● Task brief:
The full set of entries below must be returned exactly as shown.

● Provided records:
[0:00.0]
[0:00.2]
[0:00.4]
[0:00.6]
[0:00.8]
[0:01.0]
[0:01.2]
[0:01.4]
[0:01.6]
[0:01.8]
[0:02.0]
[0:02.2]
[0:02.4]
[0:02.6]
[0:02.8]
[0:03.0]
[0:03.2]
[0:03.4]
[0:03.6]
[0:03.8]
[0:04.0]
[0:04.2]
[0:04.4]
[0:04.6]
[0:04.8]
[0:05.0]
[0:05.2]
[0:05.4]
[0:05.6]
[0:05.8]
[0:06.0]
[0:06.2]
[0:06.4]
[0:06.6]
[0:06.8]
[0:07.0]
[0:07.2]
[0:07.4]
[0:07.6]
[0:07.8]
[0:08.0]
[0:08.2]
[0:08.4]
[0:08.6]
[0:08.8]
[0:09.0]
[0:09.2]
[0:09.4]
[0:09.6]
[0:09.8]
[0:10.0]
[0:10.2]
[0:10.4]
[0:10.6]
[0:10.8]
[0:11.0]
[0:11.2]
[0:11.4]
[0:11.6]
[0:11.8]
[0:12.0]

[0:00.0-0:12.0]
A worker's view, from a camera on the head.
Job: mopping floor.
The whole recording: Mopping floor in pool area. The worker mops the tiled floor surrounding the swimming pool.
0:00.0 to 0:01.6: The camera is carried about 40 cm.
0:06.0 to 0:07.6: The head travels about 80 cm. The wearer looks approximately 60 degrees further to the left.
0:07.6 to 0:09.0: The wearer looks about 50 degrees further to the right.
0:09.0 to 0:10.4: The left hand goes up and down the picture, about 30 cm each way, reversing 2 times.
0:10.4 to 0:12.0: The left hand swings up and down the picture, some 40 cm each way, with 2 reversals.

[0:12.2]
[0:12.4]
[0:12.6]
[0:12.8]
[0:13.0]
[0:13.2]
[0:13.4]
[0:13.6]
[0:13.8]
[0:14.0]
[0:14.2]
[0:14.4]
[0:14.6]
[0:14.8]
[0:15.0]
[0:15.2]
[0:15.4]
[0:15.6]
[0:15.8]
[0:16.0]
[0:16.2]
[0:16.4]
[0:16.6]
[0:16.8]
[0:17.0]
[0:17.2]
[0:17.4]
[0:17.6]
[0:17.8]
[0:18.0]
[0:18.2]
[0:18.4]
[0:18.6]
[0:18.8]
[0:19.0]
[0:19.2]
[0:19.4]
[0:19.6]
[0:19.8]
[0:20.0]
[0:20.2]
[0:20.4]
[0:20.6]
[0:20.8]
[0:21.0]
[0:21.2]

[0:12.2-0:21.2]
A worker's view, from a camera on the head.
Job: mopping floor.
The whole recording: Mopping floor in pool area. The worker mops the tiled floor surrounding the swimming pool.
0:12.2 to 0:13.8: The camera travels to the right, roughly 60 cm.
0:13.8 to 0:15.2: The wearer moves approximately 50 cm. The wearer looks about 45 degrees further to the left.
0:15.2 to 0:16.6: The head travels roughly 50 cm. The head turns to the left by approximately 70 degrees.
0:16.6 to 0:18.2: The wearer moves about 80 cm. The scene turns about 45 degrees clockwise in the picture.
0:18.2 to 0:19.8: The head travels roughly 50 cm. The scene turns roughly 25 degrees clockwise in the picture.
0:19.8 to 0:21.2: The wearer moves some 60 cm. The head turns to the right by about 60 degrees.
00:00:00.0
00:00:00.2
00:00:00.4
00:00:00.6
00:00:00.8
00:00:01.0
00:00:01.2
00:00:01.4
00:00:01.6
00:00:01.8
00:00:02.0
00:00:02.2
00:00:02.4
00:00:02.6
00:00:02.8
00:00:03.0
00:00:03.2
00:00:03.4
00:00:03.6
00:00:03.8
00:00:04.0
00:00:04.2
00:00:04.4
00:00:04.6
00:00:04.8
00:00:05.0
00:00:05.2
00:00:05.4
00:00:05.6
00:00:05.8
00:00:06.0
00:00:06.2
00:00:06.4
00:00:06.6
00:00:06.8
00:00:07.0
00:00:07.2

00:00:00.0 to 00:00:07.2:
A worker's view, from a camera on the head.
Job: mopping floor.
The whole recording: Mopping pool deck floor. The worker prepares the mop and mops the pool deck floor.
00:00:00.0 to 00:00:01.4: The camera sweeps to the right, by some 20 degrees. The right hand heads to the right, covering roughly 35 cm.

● Answer box:
[0:00.0]
[0:00.2]
[0:00.4]
[0:00.6]
[0:00.8]
[0:01.0]
[0:01.2]
[0:01.4]
[0:01.6]
[0:01.8]
[0:02.0]
[0:02.2]
[0:02.4]
[0:02.6]
[0:02.8]
[0:03.0]
[0:03.2]
[0:03.4]
[0:03.6]
[0:03.8]
[0:04.0]
[0:04.2]
[0:04.4]
[0:04.6]
[0:04.8]
[0:05.0]
[0:05.2]
[0:05.4]
[0:05.6]
[0:05.8]
[0:06.0]
[0:06.2]
[0:06.4]
[0:06.6]
[0:06.8]
[0:07.0]
[0:07.2]
[0:07.4]
[0:07.6]
[0:07.8]
[0:08.0]
[0:08.2]
[0:08.4]
[0:08.6]
[0:08.8]
[0:09.0]
[0:09.2]
[0:09.4]
[0:09.6]
[0:09.8]
[0:10.0]
[0:10.2]
[0:10.4]
[0:10.6]
[0:10.8]
[0:11.0]
[0:11.2]
[0:11.4]
[0:11.6]
[0:11.8]
[0:12.0]

[0:00.0-0:12.0]
A worker's view, from a camera on the head.
Job: mopping floor.
The whole recording: Mopping floor in pool area. The worker mops the tiled floor surrounding the swimming pool.
0:00.0 to 0:01.6: The camera is carried about 40 cm.
0:06.0 to 0:07.6: The head travels about 80 cm. The wearer looks approximately 60 degrees further to the left.
0:07.6 to 0:09.0: The wearer looks about 50 degrees further to the right.
0:09.0 to 0:10.4: The left hand goes up and down the picture, about 30 cm each way, reversing 2 times.
0:10.4 to 0:12.0: The left hand swings up and down the picture, some 40 cm each way, with 2 reversals.

[0:12.2]
[0:12.4]
[0:12.6]
[0:12.8]
[0:13.0]
[0:13.2]
[0:13.4]
[0:13.6]
[0:13.8]
[0:14.0]
[0:14.2]
[0:14.4]
[0:14.6]
[0:14.8]
[0:15.0]
[0:15.2]
[0:15.4]
[0:15.6]
[0:15.8]
[0:16.0]
[0:16.2]
[0:16.4]
[0:16.6]
[0:16.8]
[0:17.0]
[0:17.2]
[0:17.4]
[0:17.6]
[0:17.8]
[0:18.0]
[0:18.2]
[0:18.4]
[0:18.6]
[0:18.8]
[0:19.0]
[0:19.2]
[0:19.4]
[0:19.6]
[0:19.8]
[0:20.0]
[0:20.2]
[0:20.4]
[0:20.6]
[0:20.8]
[0:21.0]
[0:21.2]

[0:12.2-0:21.2]
A worker's view, from a camera on the head.
Job: mopping floor.
The whole recording: Mopping floor in pool area. The worker mops the tiled floor surrounding the swimming pool.
0:12.2 to 0:13.8: The camera travels to the right, roughly 60 cm.
0:13.8 to 0:15.2: The wearer moves approximately 50 cm. The wearer looks about 45 degrees further to the left.
0:15.2 to 0:16.6: The head travels roughly 50 cm. The head turns to the left by approximately 70 degrees.
0:16.6 to 0:18.2: The wearer moves about 80 cm. The scene turns about 45 degrees clockwise in the picture.
0:18.2 to 0:19.8: The head travels roughly 50 cm. The scene turns roughly 25 degrees clockwise in the picture.
0:19.8 to 0:21.2: The wearer moves some 60 cm. The head turns to the right by about 60 degrees.
00:00:00.0
00:00:00.2
00:00:00.4
00:00:00.6
00:00:00.8
00:00:01.0
00:00:01.2
00:00:01.4
00:00:01.6
00:00:01.8
00:00:02.0
00:00:02.2
00:00:02.4
00:00:02.6
00:00:02.8
00:00:03.0
00:00:03.2
00:00:03.4
00:00:03.6
00:00:03.8
00:00:04.0
00:00:04.2
00:00:04.4
00:00:04.6
00:00:04.8
00:00:05.0
00:00:05.2
00:00:05.4
00:00:05.6
00:00:05.8
00:00:06.0
00:00:06.2
00:00:06.4
00:00:06.6
00:00:06.8
00:00:07.0
00:00:07.2

00:00:00.0 to 00:00:07.2:
A worker's view, from a camera on the head.
Job: mopping floor.
The whole recording: Mopping pool deck floor. The worker prepares the mop and mops the pool deck floor.
00:00:00.0 to 00:00:01.4: The camera sweeps to the right, by some 20 degrees. The right hand heads to the right, covering roughly 35 cm.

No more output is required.